§ Data records
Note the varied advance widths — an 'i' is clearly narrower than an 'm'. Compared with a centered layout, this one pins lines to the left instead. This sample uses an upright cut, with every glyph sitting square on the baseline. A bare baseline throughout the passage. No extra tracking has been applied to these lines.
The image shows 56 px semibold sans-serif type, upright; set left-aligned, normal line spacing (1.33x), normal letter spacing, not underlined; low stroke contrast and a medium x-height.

---

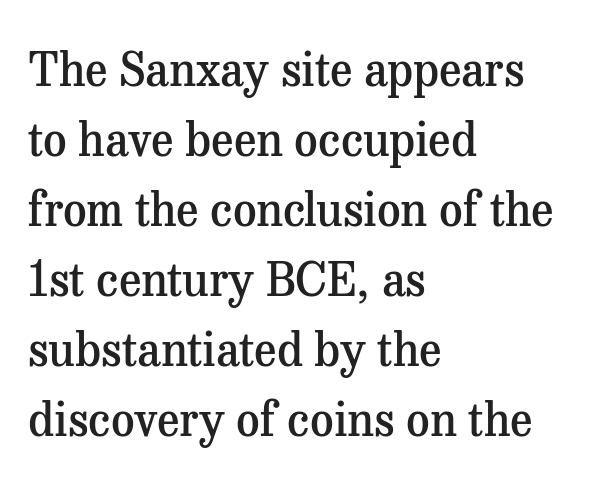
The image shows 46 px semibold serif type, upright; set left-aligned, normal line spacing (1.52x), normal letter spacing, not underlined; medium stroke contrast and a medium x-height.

§ The problem
From the entries above, print the lines beginning at the one with "Note the varied" and stopping after the one with "The image shows 56", exactly as written and with nothing else.

§ Output for this exercise
Note the varied advance widths — an 'i' is clearly narrower than an 'm'. Compared with a centered layout, this one pins lines to the left instead. This sample uses an upright cut, with every glyph sitting square on the baseline. A bare baseline throughout the passage. No extra tracking has been applied to these lines.
The image shows 56 px semibold sans-serif type, upright; set left-aligned, normal line spacing (1.33x), normal letter spacing, not underlined; low stroke contrast and a medium x-height.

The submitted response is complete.